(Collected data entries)
· · ·

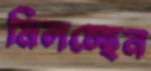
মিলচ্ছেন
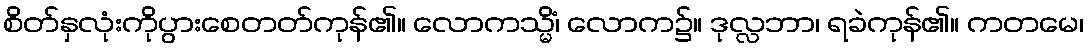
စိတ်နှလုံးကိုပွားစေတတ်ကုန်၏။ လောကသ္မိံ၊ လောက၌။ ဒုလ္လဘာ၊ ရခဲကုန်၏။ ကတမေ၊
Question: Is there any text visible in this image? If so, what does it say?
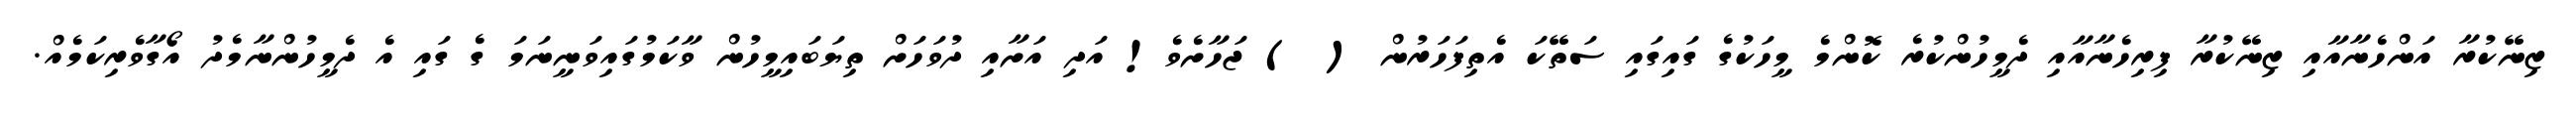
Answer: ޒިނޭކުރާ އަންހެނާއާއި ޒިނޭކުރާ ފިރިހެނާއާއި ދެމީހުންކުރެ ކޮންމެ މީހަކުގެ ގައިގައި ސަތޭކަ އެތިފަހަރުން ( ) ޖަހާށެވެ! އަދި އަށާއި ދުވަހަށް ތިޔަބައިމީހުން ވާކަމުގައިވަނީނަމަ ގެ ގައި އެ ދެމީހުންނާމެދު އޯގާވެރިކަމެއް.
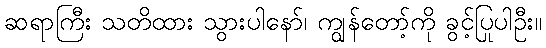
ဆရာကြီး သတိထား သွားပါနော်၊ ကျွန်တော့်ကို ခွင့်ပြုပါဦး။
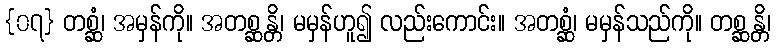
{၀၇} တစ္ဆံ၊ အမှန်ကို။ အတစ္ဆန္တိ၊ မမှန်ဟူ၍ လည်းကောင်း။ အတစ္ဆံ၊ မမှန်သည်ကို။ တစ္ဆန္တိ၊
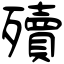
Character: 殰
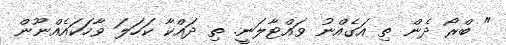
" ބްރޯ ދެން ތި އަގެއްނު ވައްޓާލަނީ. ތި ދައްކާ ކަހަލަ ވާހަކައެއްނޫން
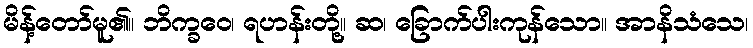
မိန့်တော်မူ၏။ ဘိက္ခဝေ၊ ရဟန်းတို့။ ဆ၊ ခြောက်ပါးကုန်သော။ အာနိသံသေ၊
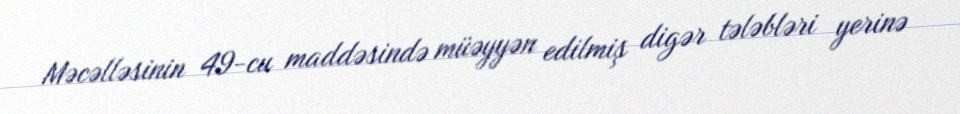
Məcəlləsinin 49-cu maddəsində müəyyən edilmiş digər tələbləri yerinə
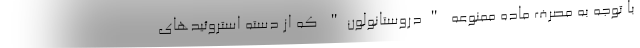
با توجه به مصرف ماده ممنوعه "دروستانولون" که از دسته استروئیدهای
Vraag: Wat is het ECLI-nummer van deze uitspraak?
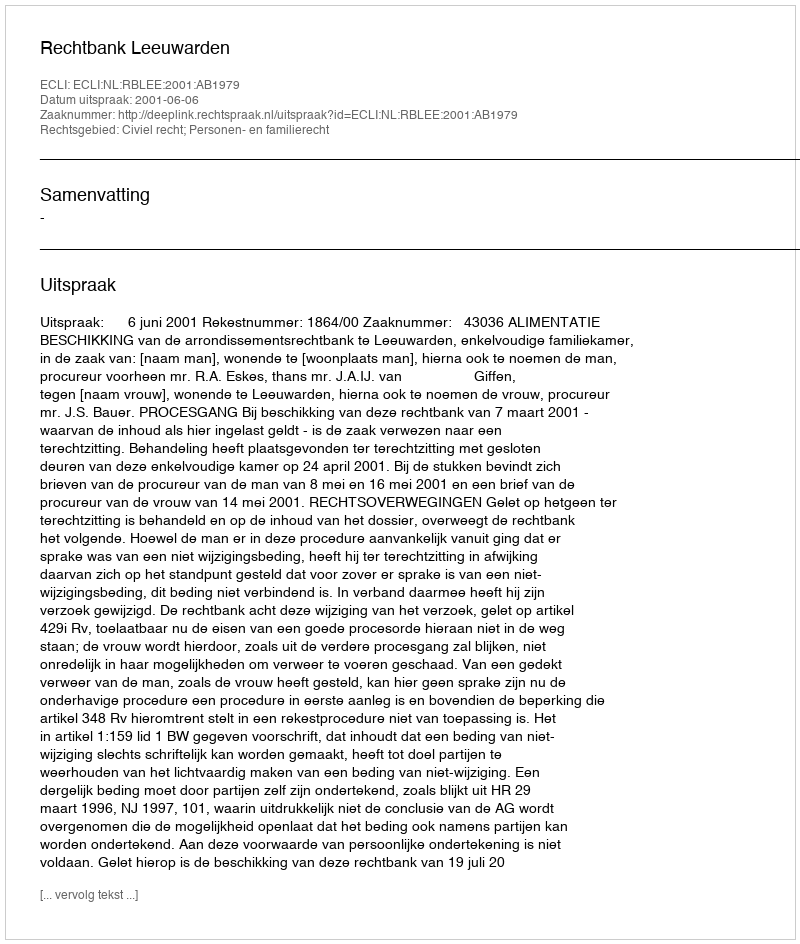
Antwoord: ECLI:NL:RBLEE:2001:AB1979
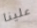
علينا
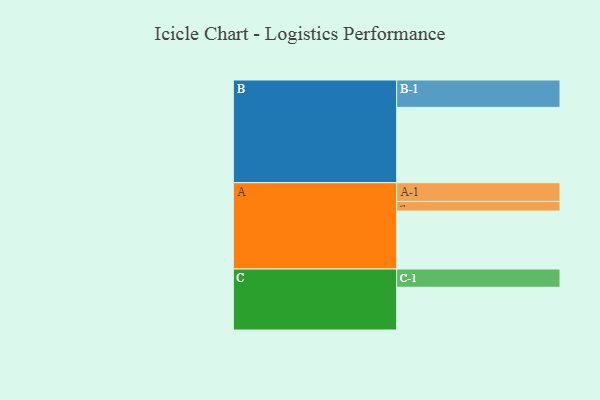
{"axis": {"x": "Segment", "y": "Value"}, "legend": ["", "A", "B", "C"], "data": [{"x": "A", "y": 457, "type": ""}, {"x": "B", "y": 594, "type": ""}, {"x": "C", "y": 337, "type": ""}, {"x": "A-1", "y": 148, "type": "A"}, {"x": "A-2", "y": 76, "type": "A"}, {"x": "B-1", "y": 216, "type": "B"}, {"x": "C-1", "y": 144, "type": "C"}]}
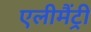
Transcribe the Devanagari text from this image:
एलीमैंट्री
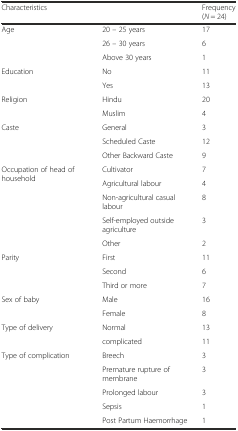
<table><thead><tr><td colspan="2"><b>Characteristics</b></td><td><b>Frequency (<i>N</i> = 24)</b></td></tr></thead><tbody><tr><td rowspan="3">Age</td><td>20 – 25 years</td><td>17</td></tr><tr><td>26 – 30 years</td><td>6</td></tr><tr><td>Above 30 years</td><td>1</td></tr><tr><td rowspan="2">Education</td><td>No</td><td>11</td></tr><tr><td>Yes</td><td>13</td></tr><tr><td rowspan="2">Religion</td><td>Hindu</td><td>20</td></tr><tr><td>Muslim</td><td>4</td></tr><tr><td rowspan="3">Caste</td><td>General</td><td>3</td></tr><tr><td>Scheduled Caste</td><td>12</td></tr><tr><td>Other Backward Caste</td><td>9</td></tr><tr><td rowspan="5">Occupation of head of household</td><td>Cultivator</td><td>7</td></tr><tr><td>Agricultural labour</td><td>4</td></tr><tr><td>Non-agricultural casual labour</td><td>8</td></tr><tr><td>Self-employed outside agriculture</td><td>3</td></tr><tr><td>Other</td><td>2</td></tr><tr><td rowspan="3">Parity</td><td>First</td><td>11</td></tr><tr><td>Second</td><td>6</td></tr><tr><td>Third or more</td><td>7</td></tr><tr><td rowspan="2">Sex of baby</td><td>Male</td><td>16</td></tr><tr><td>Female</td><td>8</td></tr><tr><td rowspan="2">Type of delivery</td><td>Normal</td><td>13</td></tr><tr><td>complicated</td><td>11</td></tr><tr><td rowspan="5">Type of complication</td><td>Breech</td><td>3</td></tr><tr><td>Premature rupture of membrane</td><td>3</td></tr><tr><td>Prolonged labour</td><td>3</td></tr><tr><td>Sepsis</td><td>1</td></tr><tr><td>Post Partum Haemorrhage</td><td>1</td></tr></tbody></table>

· · ·

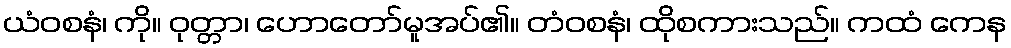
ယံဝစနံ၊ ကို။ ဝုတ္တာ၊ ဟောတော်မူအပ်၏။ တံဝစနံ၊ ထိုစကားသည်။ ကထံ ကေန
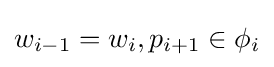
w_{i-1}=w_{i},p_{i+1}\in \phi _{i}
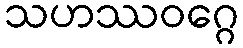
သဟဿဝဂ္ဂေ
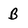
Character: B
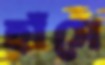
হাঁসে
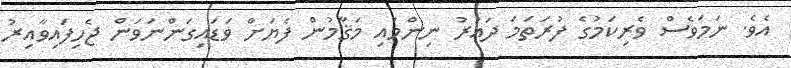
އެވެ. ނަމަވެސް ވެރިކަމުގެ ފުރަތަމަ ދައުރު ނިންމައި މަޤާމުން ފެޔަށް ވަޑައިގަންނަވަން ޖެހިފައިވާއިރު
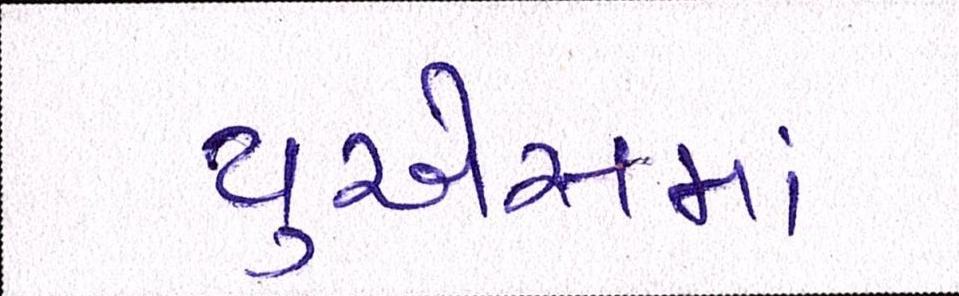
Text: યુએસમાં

· · ·

Activity:
Reproduce exactly, with no pictures, the lines above from the one holding "ဆရာကြီး သတိထား သွားပါနော်၊" to the one holding "Məcəlləsinin 49-cu maddəsində", inclusive.

Written response:
ဆရာကြီး သတိထား သွားပါနော်၊ ကျွန်တော့်ကို ခွင့်ပြုပါဦး။
{၀၇} တစ္ဆံ၊ အမှန်ကို။ အတစ္ဆန္တိ၊ မမှန်ဟူ၍ လည်းကောင်း။ အတစ္ဆံ၊ မမှန်သည်ကို။ တစ္ဆန္တိ၊
Character: 殰
" ބްރޯ ދެން ތި އަގެއްނު ވައްޓާލަނީ. ތި ދައްކާ ކަހަލަ ވާހަކައެއްނޫން
မိန့်တော်မူ၏။ ဘိက္ခဝေ၊ ရဟန်းတို့။ ဆ၊ ခြောက်ပါးကုန်သော။ အာနိသံသေ၊
Məcəlləsinin 49-cu maddəsində müəyyən edilmiş digər tələbləri yerinə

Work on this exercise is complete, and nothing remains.